An Honorable Warrior

Speakers of the House of Representatives don’t ordinarily retire before they’re turned into minority leaders. But on April 11, Paul Ryan announced he would leave his seat at the end of this term. His decision, which had been rumored for months, wasn’t entirely surprising. His children are still young, and the speaker’s job is all-consuming. Ryan had been reluctant to take the job in 2015; he is closer to an intellectual than the sort of transactional powerbroker a speaker needs to be. Even so, it’s hard to believe Ryan’s retirement isn’t part of the wider phenomenon of Republican political retirements. They’re being asked to defend an unpopular Republican president who isn’t really a Republican, and many of them are opting out. Altogether there are 38 House Republicans not seeking reelection this year.

For Republicans, Ryan’s retirement throws the 2018 midterm election effort into further chaos. Not only is it tougher to raise money for a caucus whose future leadership is uncertain, it’s tougher to make the case for Republican ideas when the leader most closely associated with many of those ideas has himself given up the fight.

Ryan’s departure saddens us for a larger reason, though. He is one of a tiny number of congressional Republicans who both understand the grave problems presented by the nation’s long-term spending commitments and have the courage to deal with those problems. Ryan first introduced major entitlement reform—incremental reductions in the federal government’s legal obligation to fund Social Security, Medicaid, and Medicare—in 2008. His plan bore the slightly hokey title “Roadmap for America’s Future,” but it was bold and comprehensive and well argued. Almost no one in the House GOP was interested. The party’s presidential nominee in 2008, John McCain, ignored the issue, and Barack Obama’s election suggested the nation had opted for an expansion of the welfare state, not a curtailment of it.
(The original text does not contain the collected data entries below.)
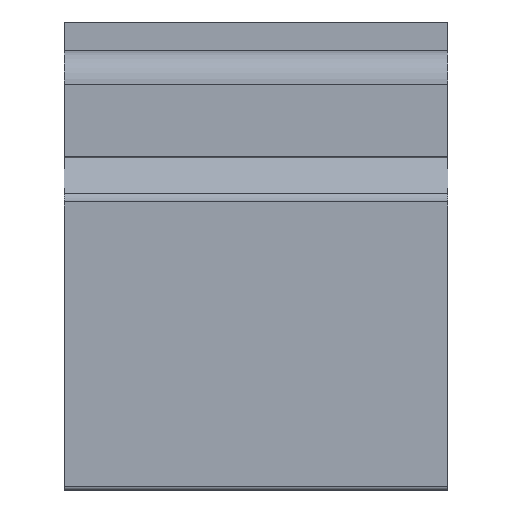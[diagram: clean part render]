
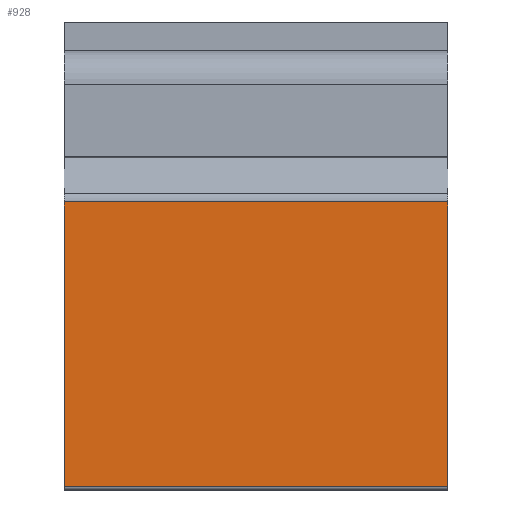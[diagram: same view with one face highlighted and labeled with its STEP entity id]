
A CAD part, front view. The second image highlights one B-rep face of the part: STEP entity #928.
In plain terms, the highlighted planar face has unit normal (0, -1, 0).
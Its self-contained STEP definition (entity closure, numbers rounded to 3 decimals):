
#472=CARTESIAN_POINT('POINT27',(10.26,-38.862,-328.651))
   ;
#473=VERTEX_POINT('VERTEX27',#472);
#594=CARTESIAN_POINT('POINT32',(-260.604,-38.862,
   -328.651));
#595=VERTEX_POINT('VERTEX32',#594);
#666=CARTESIAN_POINT('POINT35',(10.26,-38.862,
   -127.288));
#667=VERTEX_POINT('VERTEX35',#666);
#674=CARTESIAN_POINT('POS84',(10.26,-38.862,
   -127.288));
#675=DIRECTION('DIR121',(0.,0.,-1.));
#676=VECTOR('VEC47',#675,1.);
#677=LINE('STRAIGHT47',#674,#676);
#678=EDGE_CURVE('EDGE59',#667,#473,#677,.T.);
#692=CARTESIAN_POINT('POS86',(-260.604,-38.862,-328.651)
   );
#693=DIRECTION('DIR124',(1.,0.,0.));
#694=VECTOR('VEC48',#693,1.);
#695=LINE('STRAIGHT48',#692,#694);
#696=EDGE_CURVE('EDGE60',#595,#473,#695,.T.);
#809=CARTESIAN_POINT('POINT42',(-260.604,-38.862,
   -127.288));
#810=VERTEX_POINT('VERTEX42',#809);
#811=CARTESIAN_POINT('POS99',(-260.604,-38.862,
   -127.288));
#812=DIRECTION('DIR145',(0.,0.,-1.));
#813=VECTOR('VEC53',#812,1.);
#814=LINE('STRAIGHT53',#811,#813);
#815=EDGE_CURVE('EDGE71',#810,#595,#814,.T.);
#912=ORIENTED_EDGE('COEDGE143',*,*,#696,.T.);
#913=ORIENTED_EDGE('COEDGE144',*,*,#678,.F.);
#914=CARTESIAN_POINT('POS111',(-260.604,-38.862,
   -127.288));
#915=DIRECTION('DIR164',(1.,0.,0.));
#916=VECTOR('VEC58',#915,1.);
#917=LINE('STRAIGHT58',#914,#916);
#918=EDGE_CURVE('EDGE80',#810,#667,#917,.T.);
#919=ORIENTED_EDGE('COEDGE145',*,*,#918,.F.);
#920=ORIENTED_EDGE('COEDGE146',*,*,#815,.T.);
#921=EDGE_LOOP('NONE',(#912,#913,#919,#920));
#922=FACE_BOUND('LOOP1',#921,.T.);
#923=CARTESIAN_POINT('POS112',(-260.604,-38.862,
   -127.288));
#924=DIRECTION('DIR165',(0.,1.,0.));
#925=DIRECTION('DIR166',(1.,0.,0.));
#926=AXIS2_PLACEMENT_3D('AXIS54',#923,#924,#925);
#927=PLANE('PLANE26',#926);
#928=ADVANCED_FACE('FACE36',(#922),#927,.F.);
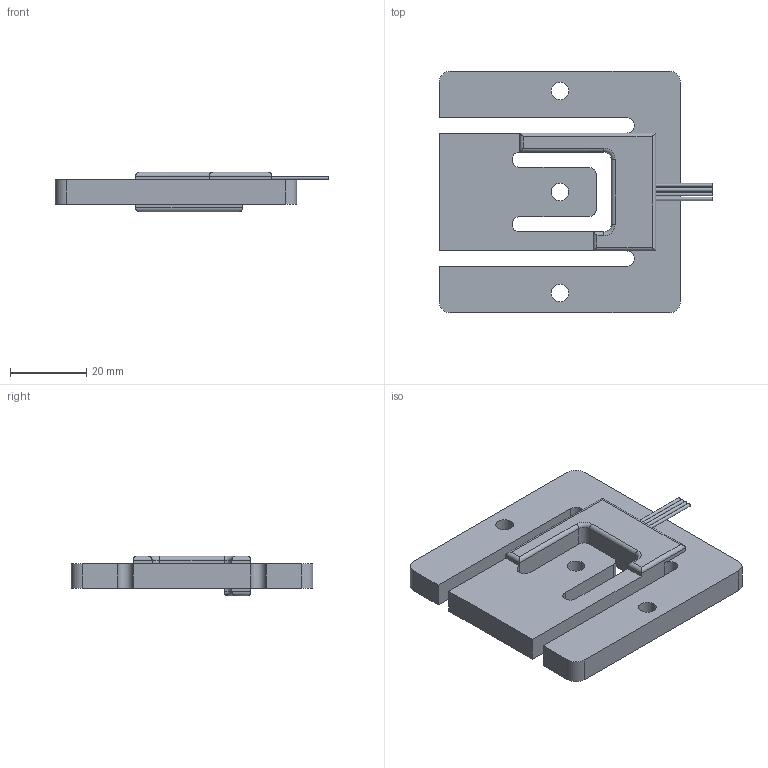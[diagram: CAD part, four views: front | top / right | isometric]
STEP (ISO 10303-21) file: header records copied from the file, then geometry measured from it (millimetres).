
FILE_DESCRIPTION(/* description */ (''),/* implementation_level */ '2;1');
FILE_NAME(/* name */ '202WA-100lb v1.step',/* time_stamp */ '2020-01-21T14:28:40-08:00',/* author */ (''),/* organization */ (''),/* preprocessor_version */ 'ST-DEVELOPER v18',/* originating_system */ 'Autodesk Translation Framework v8.12.0.6',/* authorisation */ '');
FILE_SCHEMA (('AUTOMOTIVE_DESIGN { 1 0 10303 214 3 1 1 }'));
Length unit declared in the file: millimetre
Products named in the file (1): 202WA-100lb
Bounding box: 72 x 63.5 x 10.4 mm (x, y, z)
Volume: 22496.4 mm3; surface area: 11123.5 mm2
Topology: 1 solids, 1 shells, 66 faces, 180 edges, 118 vertices
Faces by surface type: cylinder 32, plane 31, torus 3
Full cylindrical faces by diameter (mm): 0.9 x4, 4.6 x3
Entity records: 2166 total; most frequent: DIRECTION 383, CARTESIAN_POINT 378, ORIENTED_EDGE 360, EDGE_CURVE 180, AXIS2_PLACEMENT_3D 137, VERTEX_POINT 118, LINE 109, VECTOR 109

Ryan persisted, and he gained credibility with his Hill colleagues when the Obama program—the 2009 stimulus, the automaker bailouts, the Affordable Care Act—began to produce dramatically larger budget deficits. Throughout the Obama years, Ryan could be counted on to rebut the administration’s specious claims that budget increases were all the fault of the Iraq war or that massive spending increases would somehow pay for themselves.

In 2010, Ryan reintroduced his roadmap, with largely the same result. The National Republican Congressional Caucus actually campaigned against it. The following year, though, he became chairman of the House Budget Committee and proposed a budget that included versions of the reforms to entitlement spending he’d advocated for a decade. It passed the House with the votes of all but four Republicans but failed in the Democrat-controlled Senate. Ryan pressed ahead on other occasions and each time met a fairly honorable defeat. Last year, he said Social Security and Medicare reform topped his agenda, but Senate majority leader Mitch McConnell declared the issue a no-go in the Republican-controlled upper chamber.

Ryan did achieve the long-sought goal of corporate tax reduction in 2017. It was his accomplishment more than anybody else’s, as those who’ve followed the debate on tax reform will testify. A few critics on the right faulted the bill for not achieving “revenue neutrality,” but Ryan, who loves ideas but isn’t an idealist, knew that there was no hope of even denting the deficit as long as the economy limped along at 1 percent growth. He was right, as the economic momentum we’re witnessing this year forcefully testifies.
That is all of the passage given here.